### Exercise
Write out, from the entries below, exactly the lines that run between the lines holding "Displayed next in" and "Measured from image 1, 12.6 s have passed.", inclusive, and stop there.

### Information
---

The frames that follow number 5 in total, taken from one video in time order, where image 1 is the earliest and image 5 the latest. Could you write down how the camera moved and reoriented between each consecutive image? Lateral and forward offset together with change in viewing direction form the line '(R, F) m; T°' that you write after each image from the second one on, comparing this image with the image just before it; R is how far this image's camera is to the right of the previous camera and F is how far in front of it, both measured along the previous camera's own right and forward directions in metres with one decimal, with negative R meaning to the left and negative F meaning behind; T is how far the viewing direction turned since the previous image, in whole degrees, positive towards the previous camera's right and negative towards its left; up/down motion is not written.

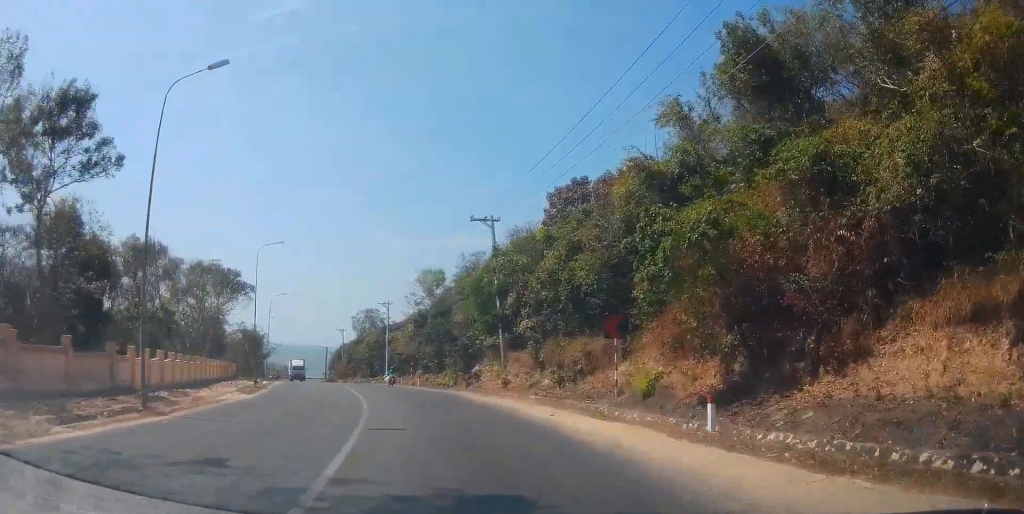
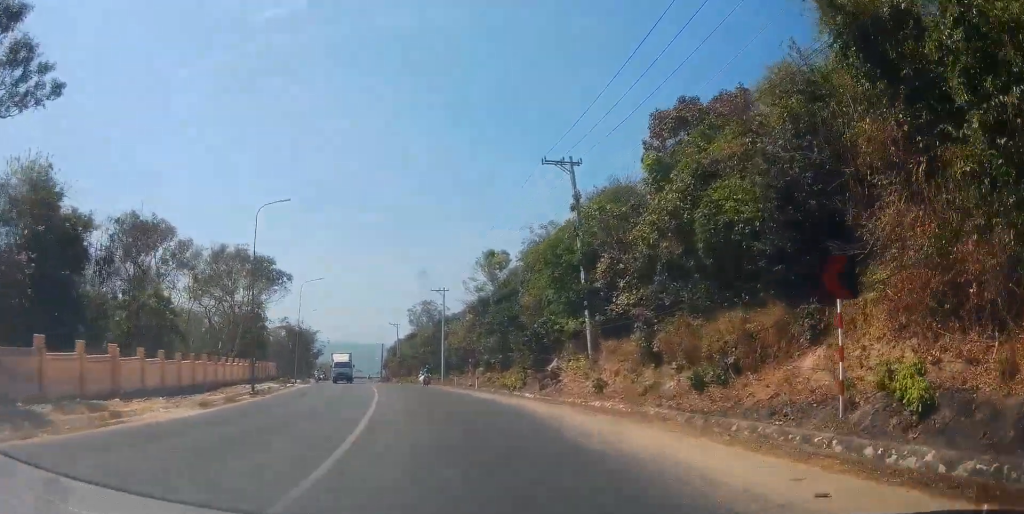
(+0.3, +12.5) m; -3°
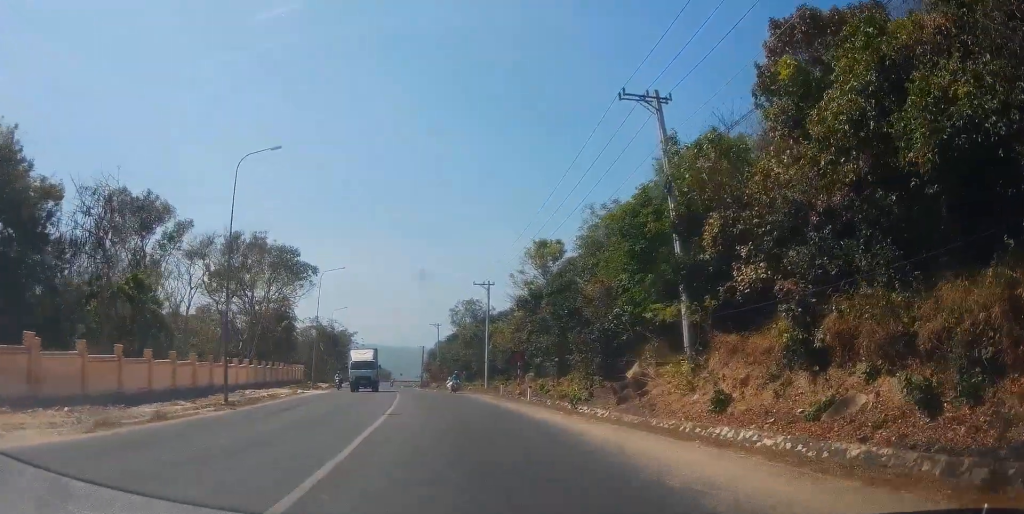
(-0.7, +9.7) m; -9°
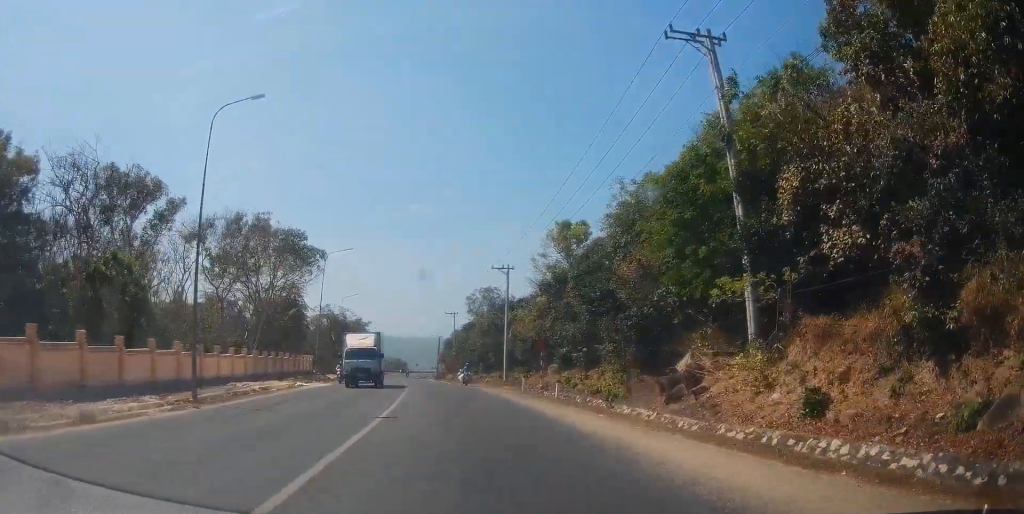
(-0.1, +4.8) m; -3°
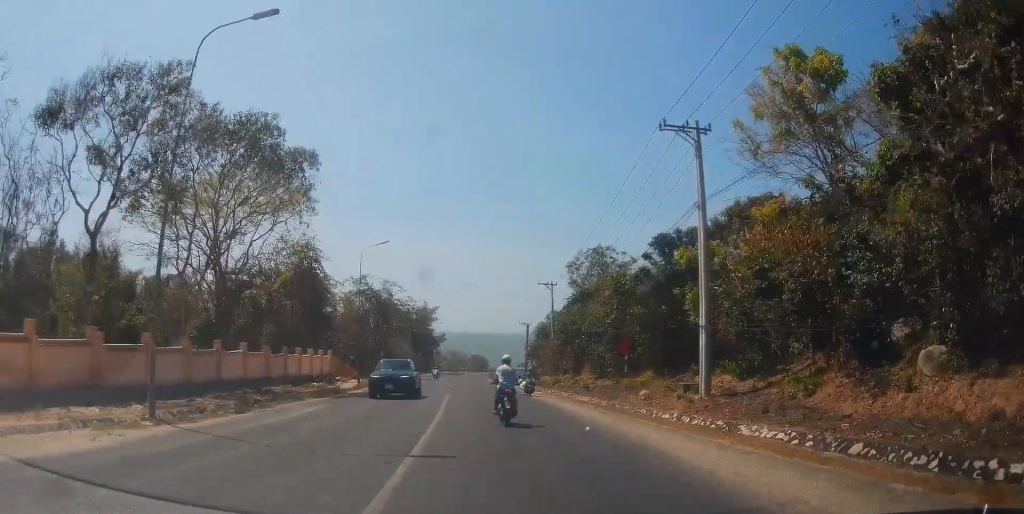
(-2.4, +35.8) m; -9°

---

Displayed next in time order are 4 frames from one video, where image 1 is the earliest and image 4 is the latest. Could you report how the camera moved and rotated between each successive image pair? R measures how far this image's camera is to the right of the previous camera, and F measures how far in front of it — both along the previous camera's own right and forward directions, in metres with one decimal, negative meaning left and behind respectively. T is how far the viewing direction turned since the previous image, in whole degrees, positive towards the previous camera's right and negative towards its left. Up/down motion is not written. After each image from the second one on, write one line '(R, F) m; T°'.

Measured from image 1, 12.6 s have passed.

---

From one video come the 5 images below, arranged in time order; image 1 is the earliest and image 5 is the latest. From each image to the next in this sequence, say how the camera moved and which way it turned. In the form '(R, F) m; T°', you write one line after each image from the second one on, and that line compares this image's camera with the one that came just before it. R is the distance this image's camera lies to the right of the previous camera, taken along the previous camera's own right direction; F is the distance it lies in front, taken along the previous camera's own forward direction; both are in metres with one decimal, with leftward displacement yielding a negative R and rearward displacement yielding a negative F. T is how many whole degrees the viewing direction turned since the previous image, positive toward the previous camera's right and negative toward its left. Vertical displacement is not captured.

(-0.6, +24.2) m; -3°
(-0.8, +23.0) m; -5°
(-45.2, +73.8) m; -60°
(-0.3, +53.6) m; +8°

---

### Answer to this problem
Displayed next in time order are 4 frames from one video, where image 1 is the earliest and image 4 is the latest. Could you report how the camera moved and rotated between each successive image pair? R measures how far this image's camera is to the right of the previous camera, and F measures how far in front of it — both along the previous camera's own right and forward directions, in metres with one decimal, negative meaning left and behind respectively. T is how far the viewing direction turned since the previous image, in whole degrees, positive towards the previous camera's right and negative towards its left. Up/down motion is not written. After each image from the second one on, write one line '(R, F) m; T°'.

Measured from image 1, 12.6 s have passed.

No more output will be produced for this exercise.